Avigdor Lieberman, a burly, bearded politician who came to Israel from Moldova in 1978, is a divisive figure.
To his backers, he is a straight-talker who has clear-cut solutions to Israel’s problems. To his critics, he is a thinly disguised racist and a threat to Israeli democracy.
The leader of the ultranationalist Yisrael Beiteinu party, whose strongest power base is among fellow Russian speakers from the former Soviet Union, Lieberman is emerging as a potent force in the Israeli election race. He could be positioned to play a key role in the formation of the next Israeli government after voting this Tuesday.
Polls show Lieberman’s party winning as many as 19 seats in the 120-member parliament, overtaking the center-left Labor party as the third-largest faction in the legislature. Both leading contenders for prime minister, opposition leader Benjamin Netanyahu and Foreign Minister Tzipi Livni, could find it hard to form a coalition without Lieberman.
His popularity has been boosted by the nationalist fervor generated by the recent war against Hamas in Gaza and by discontent with leaders of mainstream parties who are seen as offering little new, analysts say.
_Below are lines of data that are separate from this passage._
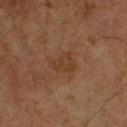Findings:
* notes: total-body-photography surveillance lesion; no biopsy
* automated lesion analysis: a footprint of about 5.5 mm² and a symmetry-axis asymmetry near 0.3; a border-irregularity rating of about 3/10, a within-lesion color-variation index near 1.5/10, and a peripheral color-asymmetry measure near 0.5
* illumination: cross-polarized
* image source: total-body-photography crop, ~15 mm field of view
* subject: male, aged 78–82
* lesion diameter: ~3.5 mm (longest diameter)
* site: the right upper arm
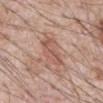workup — no biopsy performed (imaged during a skin exam)
body site — the abdomen
imaging modality — 15 mm crop, total-body photography
lesion size — ~4 mm (longest diameter)
patient — male, in their 70s
illumination — white-light illumination
image-analysis metrics — a lesion area of about 6.5 mm² and a shape-asymmetry score of about 0.35 (0 = symmetric); a mean CIELAB color near L≈55 a*≈22 b*≈27, roughly 8 lightness units darker than nearby skin, and a normalized lesion–skin contrast near 6; a within-lesion color-variation index near 3/10 and a peripheral color-asymmetry measure near 1; lesion-presence confidence of about 100/100
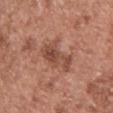Clinical summary:
The lesion is on the chest. Approximately 5.5 mm at its widest. The tile uses white-light illumination. The patient is a male approximately 70 years of age. A 15 mm close-up tile from a total-body photography series done for melanoma screening.
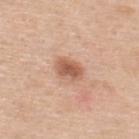A lesion tile, about 15 mm wide, cut from a 3D total-body photograph.
On the upper back.
A male patient, aged approximately 50.
Approximately 3 mm at its widest.
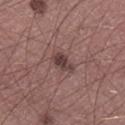Captured during whole-body skin photography for melanoma surveillance; the lesion was not biopsied. The lesion's longest dimension is about 3 mm. The lesion is located on the right lower leg. A 15 mm crop from a total-body photograph taken for skin-cancer surveillance. Captured under white-light illumination. A male subject, aged around 60.
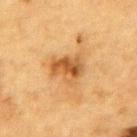Q: Is there a histopathology result?
A: total-body-photography surveillance lesion; no biopsy
Q: What are the patient's age and sex?
A: male, in their mid- to late 80s or older
Q: What kind of image is this?
A: ~15 mm tile from a whole-body skin photo
Q: Where on the body is the lesion?
A: the upper back
Q: What lighting was used for the tile?
A: cross-polarized illumination
Q: Automated lesion metrics?
A: a footprint of about 9.5 mm², an outline eccentricity of about 0.7 (0 = round, 1 = elongated), and two-axis asymmetry of about 0.35
Q: How large is the lesion?
A: ~4 mm (longest diameter)
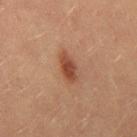Impression: The lesion was photographed on a routine skin check and not biopsied; there is no pathology result. Image and clinical context: A female subject, aged 18 to 22. Approximately 4 mm at its widest. A lesion tile, about 15 mm wide, cut from a 3D total-body photograph. Imaged with cross-polarized lighting. The lesion is on the right thigh.
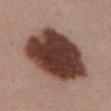workup = catalogued during a skin exam; not biopsied | location = the abdomen | imaging modality = ~15 mm tile from a whole-body skin photo | subject = female, approximately 55 years of age.
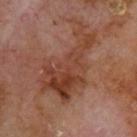A 15 mm crop from a total-body photograph taken for skin-cancer surveillance. The tile uses cross-polarized illumination. Located on the upper back. The patient is a male approximately 70 years of age.

At a time when the Obama administration is pushing to revive Mideast peace efforts, Lieberman opposes talks with the Palestinians based on an exchange of land for peace.
But Lieberman’s main targets are Israel’s Arab citizens, who he insists should be made to sign a loyalty oath and commit to national service before receiving the standard identity card that affirms citizenship.
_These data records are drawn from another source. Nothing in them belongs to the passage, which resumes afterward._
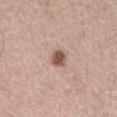| field | value |
|---|---|
| location | the abdomen |
| patient | male, aged 63–67 |
| acquisition | total-body-photography crop, ~15 mm field of view |
| image-analysis metrics | a shape eccentricity near 0.5 and two-axis asymmetry of about 0.25; a classifier nevus-likeness of about 100/100 and a lesion-detection confidence of about 100/100 |
| lesion diameter | about 2.5 mm |
| tile lighting | white-light |
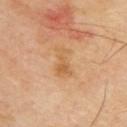{"biopsy_status": "not biopsied; imaged during a skin examination", "image": {"source": "total-body photography crop", "field_of_view_mm": 15}, "patient": {"sex": "male", "age_approx": 65}, "site": "upper back"}
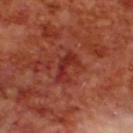| key | value |
|---|---|
| follow-up | catalogued during a skin exam; not biopsied |
| subject | male, about 70 years old |
| image source | total-body-photography crop, ~15 mm field of view |
| tile lighting | cross-polarized illumination |
| location | the upper back |
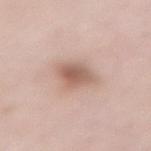No biopsy was performed on this lesion — it was imaged during a full skin examination and was not determined to be concerning. The patient is a female aged around 50. Imaged with white-light lighting. The total-body-photography lesion software estimated an area of roughly 7.5 mm² and a symmetry-axis asymmetry near 0.2. It also reported an average lesion color of about L≈59 a*≈19 b*≈26 (CIELAB). It also reported a border-irregularity index near 2/10, a within-lesion color-variation index near 4/10, and radial color variation of about 1. From the abdomen. A close-up tile cropped from a whole-body skin photograph, about 15 mm across. Longest diameter approximately 3.5 mm.
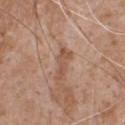Image and clinical context: The lesion's longest dimension is about 4 mm. A male subject, aged 63–67. A roughly 15 mm field-of-view crop from a total-body skin photograph. Imaged with white-light lighting. On the chest.
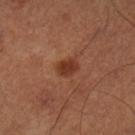Impression: Recorded during total-body skin imaging; not selected for excision or biopsy. Clinical summary: Longest diameter approximately 2.5 mm. The lesion-visualizer software estimated a lesion color around L≈36 a*≈25 b*≈31 in CIELAB and roughly 9 lightness units darker than nearby skin. The analysis additionally found border irregularity of about 1.5 on a 0–10 scale, a within-lesion color-variation index near 2/10, and radial color variation of about 0.5. It also reported a classifier nevus-likeness of about 95/100. This is a cross-polarized tile. Located on the leg. A 15 mm close-up extracted from a 3D total-body photography capture. A male patient about 50 years old.
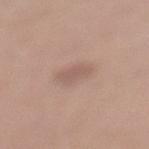workup — imaged on a skin check; not biopsied
size — about 3 mm
image source — 15 mm crop, total-body photography
subject — female, aged around 50
tile lighting — white-light
body site — the left lower leg
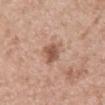biopsy status = no biopsy performed (imaged during a skin exam); patient = male, approximately 55 years of age; image source = total-body-photography crop, ~15 mm field of view; automated lesion analysis = a border-irregularity index near 2.5/10 and a color-variation rating of about 3.5/10; location = the abdomen; illumination = white-light.
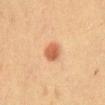biopsy status = imaged on a skin check; not biopsied | location = the abdomen | illumination = cross-polarized illumination | diameter = about 2.5 mm | subject = female, about 40 years old | imaging modality = ~15 mm tile from a whole-body skin photo.
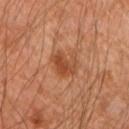This lesion was catalogued during total-body skin photography and was not selected for biopsy.
Imaged with cross-polarized lighting.
The lesion is on the left forearm.
A roughly 15 mm field-of-view crop from a total-body skin photograph.
A male patient, in their mid-40s.
The lesion's longest dimension is about 3.5 mm.
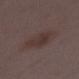{"biopsy_status": "not biopsied; imaged during a skin examination", "lighting": "white-light", "site": "right lower leg", "image": {"source": "total-body photography crop", "field_of_view_mm": 15}, "lesion_size": {"long_diameter_mm_approx": 4.5}, "patient": {"sex": "female", "age_approx": 30}, "automated_metrics": {"area_mm2_approx": 12.0, "shape_asymmetry": 0.3, "cielab_L": 34, "cielab_a": 14, "cielab_b": 17, "vs_skin_darker_L": 6.0, "border_irregularity_0_10": 3.0, "color_variation_0_10": 2.5, "nevus_likeness_0_100": 15, "lesion_detection_confidence_0_100": 100}}
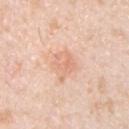Clinical impression:
Captured during whole-body skin photography for melanoma surveillance; the lesion was not biopsied.
Clinical summary:
A male subject, aged 48–52. The lesion is located on the chest. A 15 mm close-up extracted from a 3D total-body photography capture. The recorded lesion diameter is about 3.5 mm. An algorithmic analysis of the crop reported an average lesion color of about L≈72 a*≈22 b*≈32 (CIELAB), a lesion–skin lightness drop of about 8, and a normalized border contrast of about 5. And it measured a nevus-likeness score of about 10/100 and a detector confidence of about 100 out of 100 that the crop contains a lesion.
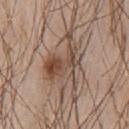A 15 mm close-up tile from a total-body photography series done for melanoma screening. Located on the chest. The recorded lesion diameter is about 9 mm. An algorithmic analysis of the crop reported a border-irregularity rating of about 8/10, a within-lesion color-variation index near 9.5/10, and peripheral color asymmetry of about 3.5. A male subject aged around 40.
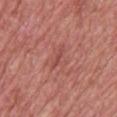workup = no biopsy performed (imaged during a skin exam)
automated metrics = about 7 CIELAB-L* units darker than the surrounding skin and a normalized lesion–skin contrast near 5; a border-irregularity rating of about 5.5/10, a within-lesion color-variation index near 0/10, and peripheral color asymmetry of about 0; a classifier nevus-likeness of about 0/100
image source = ~15 mm tile from a whole-body skin photo
subject = male, aged 58–62
lesion size = ≈2.5 mm
tile lighting = white-light
location = the back
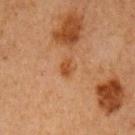| field | value |
|---|---|
| notes | no biopsy performed (imaged during a skin exam) |
| automated metrics | about 7 CIELAB-L* units darker than the surrounding skin and a normalized lesion–skin contrast near 7; lesion-presence confidence of about 100/100 |
| anatomic site | the left upper arm |
| size | ~2 mm (longest diameter) |
| acquisition | total-body-photography crop, ~15 mm field of view |
| subject | female, about 60 years old |
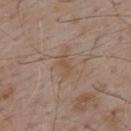Impression:
Captured during whole-body skin photography for melanoma surveillance; the lesion was not biopsied.
Background:
The tile uses white-light illumination. About 3 mm across. This image is a 15 mm lesion crop taken from a total-body photograph. The lesion is on the upper back. A male patient, aged approximately 55.
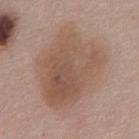Q: Patient demographics?
A: male, aged 53–57
Q: Lesion size?
A: about 9 mm
Q: Automated lesion metrics?
A: a mean CIELAB color near L≈54 a*≈17 b*≈27, roughly 9 lightness units darker than nearby skin, and a normalized border contrast of about 6.5; a border-irregularity rating of about 2.5/10, a within-lesion color-variation index near 5/10, and a peripheral color-asymmetry measure near 2; a nevus-likeness score of about 0/100 and a detector confidence of about 100 out of 100 that the crop contains a lesion
Q: Lesion location?
A: the abdomen
Q: What is the imaging modality?
A: 15 mm crop, total-body photography
Q: How was the tile lit?
A: white-light illumination
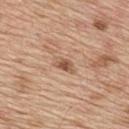The lesion was tiled from a total-body skin photograph and was not biopsied.
Longest diameter approximately 3.5 mm.
The patient is a male approximately 70 years of age.
A roughly 15 mm field-of-view crop from a total-body skin photograph.
From the mid back.

“Without loyalty, there is no citizenship,” says his party’s campaign slogan, plastered on billboards and repeated on television ads.
Lieberman also advocates a land swap in which areas of Israel with large concentrations of Arabs would become part of a Palestinian state while Israel would annex areas of the West Bank with large blocs of Jewish settlements.
About 20 percent of Israel’s 7 million citizens are Arabs, and a dozen serve in parliament.
Lieberman says extremism and identification with Israel’s enemies are spreading among its Arab citizens, some of whom took to the streets last month to demonstrate support for Palestinians who were under Israeli bombardment in Gaza.
“Israel is under a dual terrorist attack, from within and from without,” Lieberman told a security conference on Monday. “Terrorism from within is always more dangerous than terrorism from without.”
Ahmad Tibi, an Arab lawmaker who is a frequent target of Lieberman’s broadsides, said he expected the international community to boycott an Israeli government that would include Lieberman, as European leaders did when far-right leader Joerg Haider joined Austria’s government in 2000.
“Haider was local, and his racism was directed against immigrants and foreigners,” Tibi said. “The Israeli fascist model is unique, because we are talking about an immigrant who directs his racism against the indigenous people, against us.”
Tibi said Lieberman was promoting a “politics of hate, which is very popular in the aftermath of a war, and he is touching the lowest common denominator of the Israeli public.”
Yehuda Ben Meir, a public opinion expert at the Institute for National Security Studies in Tel Aviv, said that while Lieberman’s party started off representing Russian-speaking immigrants, it has now broken into the Israeli mainstream, bolstered by candidates who are not newcomers, like Danny Ayalon, a former ambassador to Washington.
Ben Meir said the party gained further ground during the Gaza war when Israeli Arab legislators loudly denounced the military campaign, riling many Jewish Israelis who saw them as giving comfort to the enemy.
“The war in Gaza, like any war, raises patriotic feelings, and there was a sense of being isolated internationally, with your back to the wall, a feeling of sticking to your tribe, and he answers to this,” Ben Meir said.
Riding the patriotic wave during the fighting, Lieberman led an attempt in parliament to have Arab parties disqualified from running in the elections, but the move was overruled by the Supreme Court.
A resident of the West Bank settlement of Nokdim, Lieberman, 50, served as a minister in the outgoing Israeli government but resigned to protest the renewal of peace talks with the Palestinians at a conference in Annapolis, Md., in 2007.
His ministerial portfolio was the threat from Iran, and he has been outspoken about the subject. “A nuclear Iran is like Hitler with nuclear weapons,” Lieberman told the Haaretz newspaper in a recent interview.
In 2005, Lieberman was fired from the Cabinet by then Prime Minister Ariel Sharon when he opposed Israel’s withdrawal of settlements and troops from the Gaza Strip.